A significant association between crop rotation and microbial communities was also shown by identifying indicator microorganisms that were typical of each phase of rotation. These indicators consisted only of fungi; no specific bacterial genera were found to be significantly associated with rotations (Table 3). Not surprisingly, the overwhelming majority of the observed indicator fungi were plant pathogens, except for the arbuscular mycorrhizal fungus Glomus [123], which was found in soil after potato harvesting. The genus Bipolaris, which was an indicator also found in soil after potato harvesting, includes barley and wheat hemibiotrophs [124] and is able to create dormant forms persisting in soil [125]. Blumeria, which was found to be associated with wheat growth, is an obligate biotrophic pathogen causing a powdery mildew of cereals, wheat included [126], and is able to produce its survival form, chasmothecia [127]. Zymoseptoria, detected during the wheat phase, is a biotrophic wheat pathogen [128], and Gaeumannomyces, detected after barley harvesting, is a soil-borne pathogen that causes the „take-all “ disease of wheat [129]. These results showed that the sequential rotation of the three crops restricted the growth of several pathogens, such as Zymoseptoria and Blumeria, over long periods, and very likely hinders outbreaks of them. However, it seems that Bipolaris and Gaeumannomyces were able to persist in soil even during the crop rotations. Since all crop rotational systems significantly shaped the profile of fungal plant pathogens in soil, it can be assumed that it is the plant secondary metabolites and plant residues that attract or repeal plant pathogens. Prolonging of the rotation cycle by the insertion of more plants might, therefore, be needed to suppress more specific plant pathogens.

Conclusion

Our study is one of the few that investigates the effect of regular fertilization and crop rotation on soil microbial structure and diversity over the long term. The fact that the experiment was performed in multiple geographic locations with different soil types increases its general insights into how these common agricultural practices influence the soil microbiome under diverse environmental conditions.
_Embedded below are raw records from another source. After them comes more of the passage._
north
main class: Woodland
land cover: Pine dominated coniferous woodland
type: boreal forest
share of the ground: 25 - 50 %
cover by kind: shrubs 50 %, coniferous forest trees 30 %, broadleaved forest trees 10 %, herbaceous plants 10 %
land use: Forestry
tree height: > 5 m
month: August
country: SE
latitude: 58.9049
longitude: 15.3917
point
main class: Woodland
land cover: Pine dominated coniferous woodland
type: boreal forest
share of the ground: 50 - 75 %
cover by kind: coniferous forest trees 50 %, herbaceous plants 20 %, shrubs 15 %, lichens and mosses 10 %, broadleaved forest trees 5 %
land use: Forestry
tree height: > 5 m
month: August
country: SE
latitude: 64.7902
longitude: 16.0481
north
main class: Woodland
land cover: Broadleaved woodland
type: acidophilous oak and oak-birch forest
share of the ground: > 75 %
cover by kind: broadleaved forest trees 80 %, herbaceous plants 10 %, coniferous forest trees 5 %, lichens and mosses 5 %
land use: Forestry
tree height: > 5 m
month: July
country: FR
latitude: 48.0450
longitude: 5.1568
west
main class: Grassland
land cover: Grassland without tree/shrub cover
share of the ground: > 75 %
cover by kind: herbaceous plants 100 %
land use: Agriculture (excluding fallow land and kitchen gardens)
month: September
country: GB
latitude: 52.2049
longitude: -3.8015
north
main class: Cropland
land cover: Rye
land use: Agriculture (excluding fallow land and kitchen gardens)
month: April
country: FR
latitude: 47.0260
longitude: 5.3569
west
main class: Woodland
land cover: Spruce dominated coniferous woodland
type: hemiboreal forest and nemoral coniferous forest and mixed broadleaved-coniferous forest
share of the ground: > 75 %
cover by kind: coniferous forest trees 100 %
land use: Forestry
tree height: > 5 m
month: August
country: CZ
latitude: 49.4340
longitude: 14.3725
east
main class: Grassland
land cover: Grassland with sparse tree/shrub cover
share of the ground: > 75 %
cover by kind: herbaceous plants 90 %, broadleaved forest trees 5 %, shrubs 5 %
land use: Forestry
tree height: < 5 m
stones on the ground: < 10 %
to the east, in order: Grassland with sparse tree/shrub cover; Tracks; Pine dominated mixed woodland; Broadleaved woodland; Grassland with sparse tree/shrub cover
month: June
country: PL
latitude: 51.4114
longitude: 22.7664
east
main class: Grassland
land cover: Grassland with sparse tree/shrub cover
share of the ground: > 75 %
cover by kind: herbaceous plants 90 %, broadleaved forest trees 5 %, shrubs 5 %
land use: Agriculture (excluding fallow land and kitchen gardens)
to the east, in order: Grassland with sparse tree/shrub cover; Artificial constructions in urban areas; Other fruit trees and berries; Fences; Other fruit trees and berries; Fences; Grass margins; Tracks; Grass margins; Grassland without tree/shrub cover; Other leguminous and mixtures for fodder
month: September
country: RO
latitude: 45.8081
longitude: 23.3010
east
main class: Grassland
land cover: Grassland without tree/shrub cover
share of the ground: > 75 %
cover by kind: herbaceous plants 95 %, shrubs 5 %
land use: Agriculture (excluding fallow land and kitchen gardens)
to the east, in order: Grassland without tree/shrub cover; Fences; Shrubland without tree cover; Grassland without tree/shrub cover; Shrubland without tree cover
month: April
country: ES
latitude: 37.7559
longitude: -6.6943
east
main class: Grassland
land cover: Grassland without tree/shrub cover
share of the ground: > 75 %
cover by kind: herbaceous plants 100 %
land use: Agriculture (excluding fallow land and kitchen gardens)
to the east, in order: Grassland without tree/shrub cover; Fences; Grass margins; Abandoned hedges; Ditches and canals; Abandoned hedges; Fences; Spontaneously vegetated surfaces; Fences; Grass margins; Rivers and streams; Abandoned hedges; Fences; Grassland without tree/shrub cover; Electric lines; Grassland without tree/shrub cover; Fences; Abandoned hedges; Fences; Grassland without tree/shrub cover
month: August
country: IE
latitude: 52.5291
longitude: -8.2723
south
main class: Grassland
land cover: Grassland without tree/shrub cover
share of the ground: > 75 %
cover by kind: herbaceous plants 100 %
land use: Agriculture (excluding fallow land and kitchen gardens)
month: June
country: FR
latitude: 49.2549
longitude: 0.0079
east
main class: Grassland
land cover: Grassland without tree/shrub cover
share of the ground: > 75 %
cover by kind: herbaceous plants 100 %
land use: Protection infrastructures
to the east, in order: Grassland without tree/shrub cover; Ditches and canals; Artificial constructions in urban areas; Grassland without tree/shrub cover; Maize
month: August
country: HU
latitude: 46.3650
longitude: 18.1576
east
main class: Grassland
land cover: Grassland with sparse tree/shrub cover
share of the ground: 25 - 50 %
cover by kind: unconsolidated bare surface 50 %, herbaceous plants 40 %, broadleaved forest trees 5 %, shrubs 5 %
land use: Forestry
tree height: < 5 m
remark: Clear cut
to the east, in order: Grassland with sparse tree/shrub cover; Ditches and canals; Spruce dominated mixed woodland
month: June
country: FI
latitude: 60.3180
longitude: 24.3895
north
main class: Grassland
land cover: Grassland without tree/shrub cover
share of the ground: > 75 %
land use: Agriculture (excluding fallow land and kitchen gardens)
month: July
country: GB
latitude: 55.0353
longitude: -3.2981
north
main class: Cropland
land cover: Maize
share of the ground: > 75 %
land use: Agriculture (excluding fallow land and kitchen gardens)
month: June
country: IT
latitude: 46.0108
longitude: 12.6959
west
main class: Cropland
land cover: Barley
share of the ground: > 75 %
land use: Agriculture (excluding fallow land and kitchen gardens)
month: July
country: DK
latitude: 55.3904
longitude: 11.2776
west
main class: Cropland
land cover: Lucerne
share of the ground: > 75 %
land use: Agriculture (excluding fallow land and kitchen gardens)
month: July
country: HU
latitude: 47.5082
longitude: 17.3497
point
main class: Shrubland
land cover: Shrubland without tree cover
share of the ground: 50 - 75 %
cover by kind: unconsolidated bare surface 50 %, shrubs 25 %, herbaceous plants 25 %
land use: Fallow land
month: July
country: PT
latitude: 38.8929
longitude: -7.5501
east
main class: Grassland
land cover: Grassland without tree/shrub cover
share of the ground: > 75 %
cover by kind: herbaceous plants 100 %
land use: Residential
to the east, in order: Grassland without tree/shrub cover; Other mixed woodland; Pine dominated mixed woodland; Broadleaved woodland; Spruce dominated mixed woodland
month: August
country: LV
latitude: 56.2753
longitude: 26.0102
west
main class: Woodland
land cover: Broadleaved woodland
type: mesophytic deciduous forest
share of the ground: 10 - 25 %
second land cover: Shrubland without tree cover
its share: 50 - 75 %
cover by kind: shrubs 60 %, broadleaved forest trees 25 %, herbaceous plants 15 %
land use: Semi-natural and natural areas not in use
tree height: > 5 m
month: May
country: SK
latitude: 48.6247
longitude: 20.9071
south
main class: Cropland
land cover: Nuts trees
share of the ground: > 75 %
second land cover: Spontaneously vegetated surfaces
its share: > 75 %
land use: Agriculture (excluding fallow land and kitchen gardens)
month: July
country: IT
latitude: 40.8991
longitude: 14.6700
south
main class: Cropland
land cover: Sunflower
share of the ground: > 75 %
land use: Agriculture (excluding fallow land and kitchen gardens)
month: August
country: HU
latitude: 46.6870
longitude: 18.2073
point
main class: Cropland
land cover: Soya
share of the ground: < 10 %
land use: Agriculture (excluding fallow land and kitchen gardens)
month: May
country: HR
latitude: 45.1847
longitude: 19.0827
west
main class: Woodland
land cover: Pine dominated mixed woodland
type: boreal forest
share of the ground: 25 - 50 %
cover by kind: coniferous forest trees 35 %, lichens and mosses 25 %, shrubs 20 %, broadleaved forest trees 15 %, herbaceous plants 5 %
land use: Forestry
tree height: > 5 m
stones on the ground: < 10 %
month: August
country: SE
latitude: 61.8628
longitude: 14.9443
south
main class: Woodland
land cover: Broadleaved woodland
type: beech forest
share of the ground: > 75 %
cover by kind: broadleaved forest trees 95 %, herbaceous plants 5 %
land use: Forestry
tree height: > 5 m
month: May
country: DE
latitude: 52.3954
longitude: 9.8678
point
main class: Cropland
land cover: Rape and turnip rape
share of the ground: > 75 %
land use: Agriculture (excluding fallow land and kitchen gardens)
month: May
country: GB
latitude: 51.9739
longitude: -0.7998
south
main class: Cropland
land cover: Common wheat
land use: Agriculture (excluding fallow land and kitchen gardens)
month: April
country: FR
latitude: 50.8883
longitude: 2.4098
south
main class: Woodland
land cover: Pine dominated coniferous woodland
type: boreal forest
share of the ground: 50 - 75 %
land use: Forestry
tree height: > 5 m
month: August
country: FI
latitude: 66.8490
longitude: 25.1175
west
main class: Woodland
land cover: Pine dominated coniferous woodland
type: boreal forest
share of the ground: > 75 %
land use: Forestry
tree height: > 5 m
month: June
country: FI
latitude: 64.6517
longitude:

Soil chemistry that differed among the experimental filed plots was the major determinant of microbial community structures, with pH being the strongest predictor. Within the experimental field plots, the soil chemistry was further influenced by fertilization and crop rotation, which consequently modified the bacterial and fungal communities. However, the response of prokaryotic and fungal communities to long-term fertilization treatments differed. Prokaryotes significantly differed from CF only in SF3x and MF treatments while fungal communities were significantly shifted from CF by each fertilization treatment. The crop rotations significantly altered both prokaryotic and fungal communities, with the main effect on the relative abundance of plant-pathogens. In summary, our study provides deeper insights into plant-fertilizer-microbe interactions in soil, and our findings can potentially serve to improve our understanding of soil quality and globally contribute to sustainable agriculture.